WHAT THE TASK REQUIRES: Scan the entries below for the word "high". Copy each line that has it.

RECORDED INFORMATION:

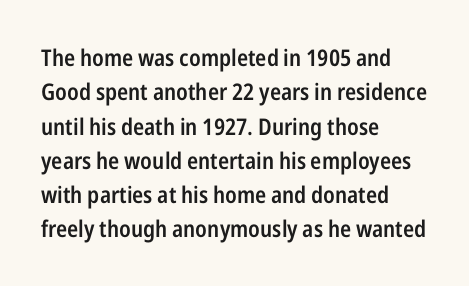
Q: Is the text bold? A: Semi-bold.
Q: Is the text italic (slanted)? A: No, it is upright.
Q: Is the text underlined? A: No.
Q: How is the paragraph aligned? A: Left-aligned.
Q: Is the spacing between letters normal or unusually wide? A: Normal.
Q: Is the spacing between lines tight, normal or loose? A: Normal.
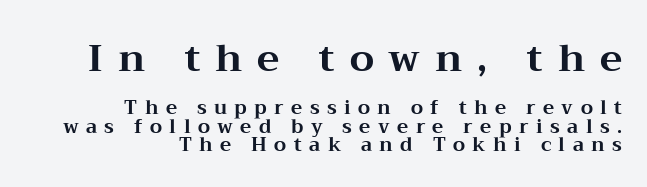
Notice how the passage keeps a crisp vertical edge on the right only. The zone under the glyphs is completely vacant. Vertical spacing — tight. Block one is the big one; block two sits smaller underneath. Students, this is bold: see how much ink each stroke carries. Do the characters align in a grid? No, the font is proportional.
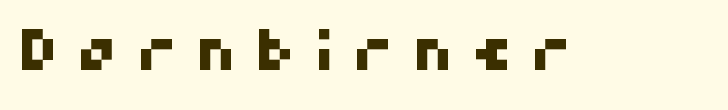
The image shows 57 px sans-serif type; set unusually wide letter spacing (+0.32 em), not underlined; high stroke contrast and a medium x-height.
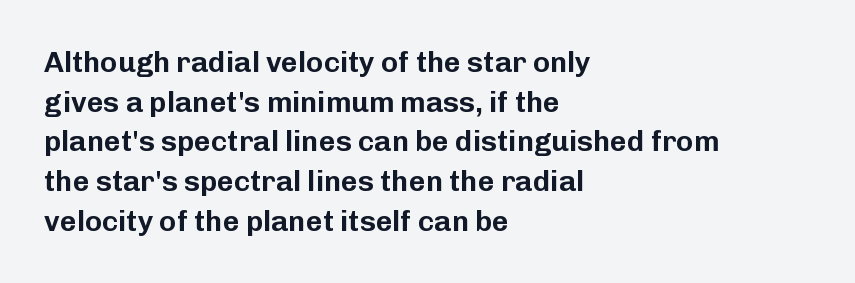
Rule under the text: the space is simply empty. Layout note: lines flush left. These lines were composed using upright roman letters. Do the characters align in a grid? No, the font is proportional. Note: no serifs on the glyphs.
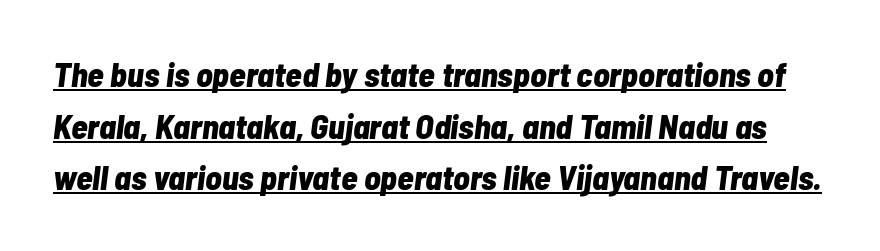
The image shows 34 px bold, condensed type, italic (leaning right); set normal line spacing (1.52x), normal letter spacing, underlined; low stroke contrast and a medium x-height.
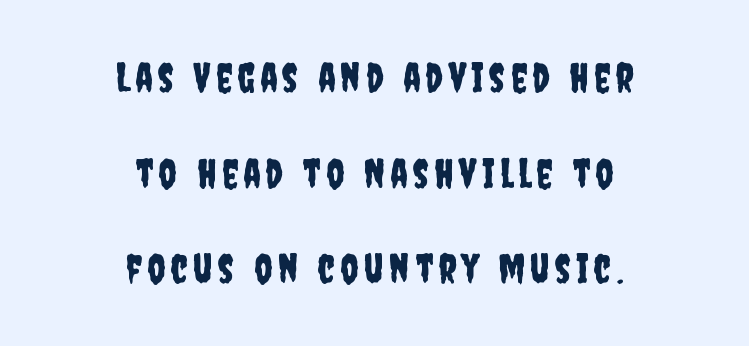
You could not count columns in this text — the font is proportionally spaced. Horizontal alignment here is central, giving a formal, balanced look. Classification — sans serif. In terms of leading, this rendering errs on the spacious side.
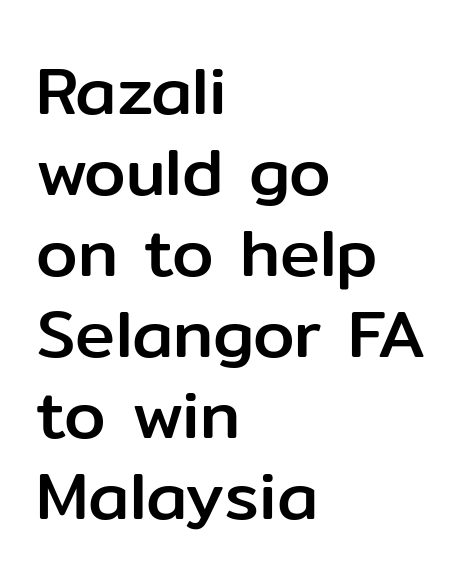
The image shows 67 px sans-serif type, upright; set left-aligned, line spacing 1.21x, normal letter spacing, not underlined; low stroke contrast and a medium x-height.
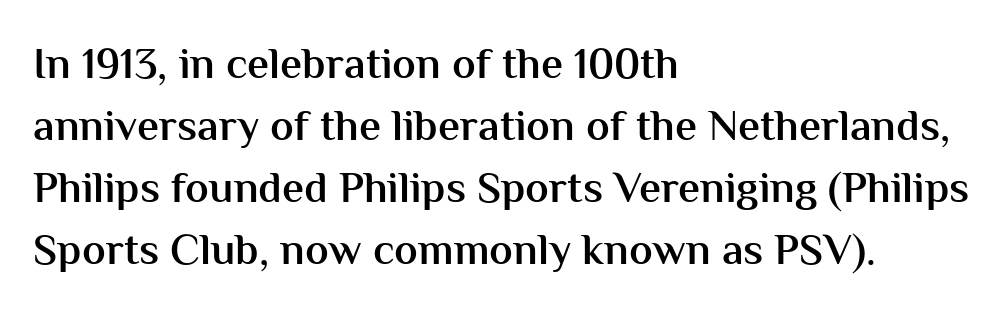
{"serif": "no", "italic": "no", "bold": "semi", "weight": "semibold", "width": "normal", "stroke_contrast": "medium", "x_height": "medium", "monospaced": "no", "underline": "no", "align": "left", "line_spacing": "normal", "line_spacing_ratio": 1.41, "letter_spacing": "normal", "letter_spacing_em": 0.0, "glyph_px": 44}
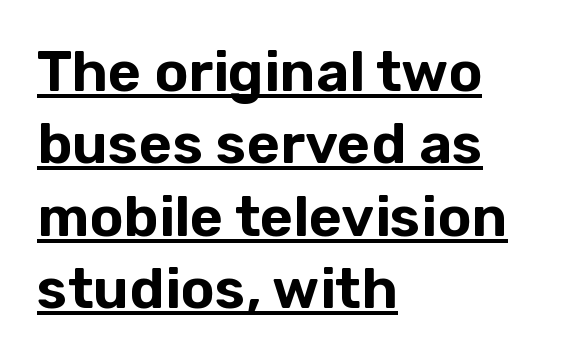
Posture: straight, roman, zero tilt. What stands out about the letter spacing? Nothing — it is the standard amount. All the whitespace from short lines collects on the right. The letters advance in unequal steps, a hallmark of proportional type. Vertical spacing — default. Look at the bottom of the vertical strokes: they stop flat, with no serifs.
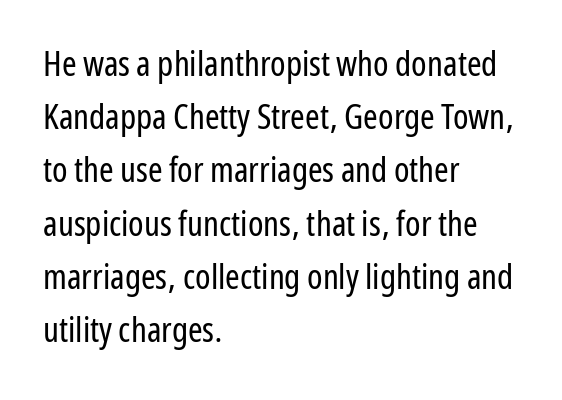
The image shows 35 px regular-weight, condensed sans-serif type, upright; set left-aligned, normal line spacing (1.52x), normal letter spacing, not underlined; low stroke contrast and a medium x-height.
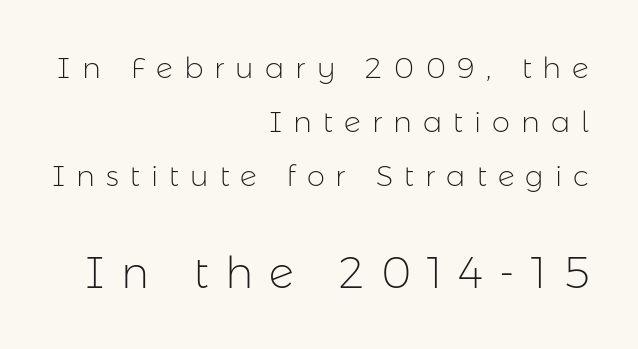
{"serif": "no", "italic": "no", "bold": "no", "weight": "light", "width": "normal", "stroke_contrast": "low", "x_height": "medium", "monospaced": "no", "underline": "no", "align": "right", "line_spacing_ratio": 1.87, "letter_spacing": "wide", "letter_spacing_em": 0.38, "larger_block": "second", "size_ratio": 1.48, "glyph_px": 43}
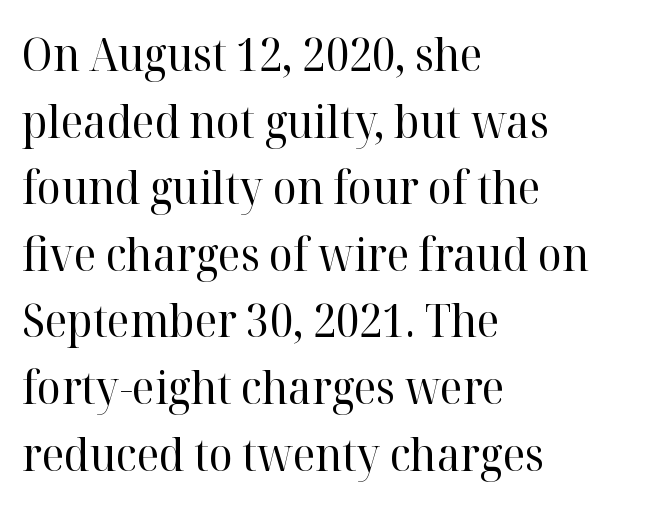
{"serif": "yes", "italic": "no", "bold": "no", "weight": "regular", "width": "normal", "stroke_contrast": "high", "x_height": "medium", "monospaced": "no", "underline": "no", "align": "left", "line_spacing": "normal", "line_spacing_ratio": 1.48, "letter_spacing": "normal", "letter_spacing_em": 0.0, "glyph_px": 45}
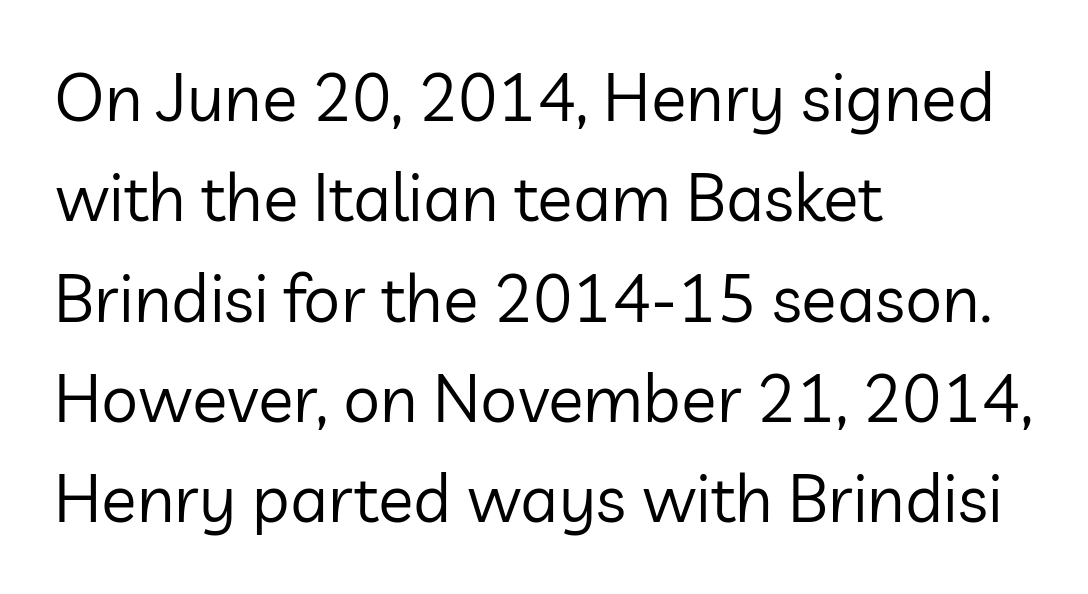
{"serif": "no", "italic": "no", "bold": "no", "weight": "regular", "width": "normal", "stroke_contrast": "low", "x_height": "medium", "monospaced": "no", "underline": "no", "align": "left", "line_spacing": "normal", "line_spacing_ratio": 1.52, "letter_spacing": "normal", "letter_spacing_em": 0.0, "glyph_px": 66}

...

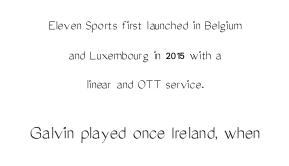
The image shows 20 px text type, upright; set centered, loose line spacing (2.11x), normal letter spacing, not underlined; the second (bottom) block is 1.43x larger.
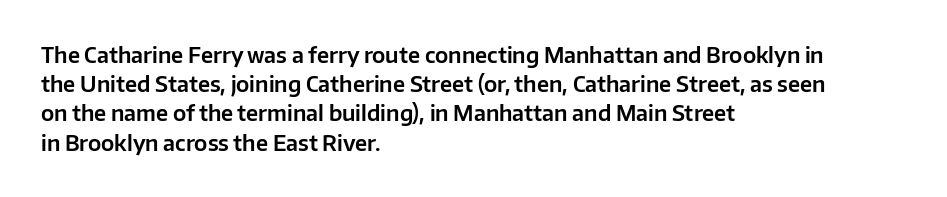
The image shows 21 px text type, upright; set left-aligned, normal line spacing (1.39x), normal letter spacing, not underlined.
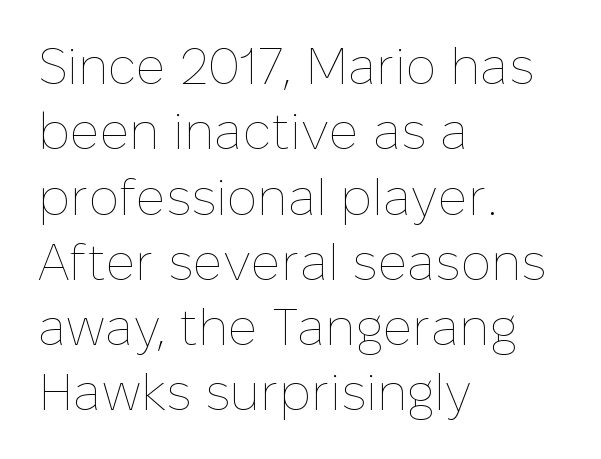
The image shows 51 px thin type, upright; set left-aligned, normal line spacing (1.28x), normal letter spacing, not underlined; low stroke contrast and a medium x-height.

RESULT:
The image shows 57 px sans-serif type; set unusually wide letter spacing (+0.32 em), not underlined; high stroke contrast and a medium x-height.
{"serif": "yes", "italic": "no", "bold": "no", "weight": "regular", "width": "normal", "stroke_contrast": "high", "x_height": "medium", "monospaced": "no", "underline": "no", "align": "left", "line_spacing": "normal", "line_spacing_ratio": 1.48, "letter_spacing": "normal", "letter_spacing_em": 0.0, "glyph_px": 45}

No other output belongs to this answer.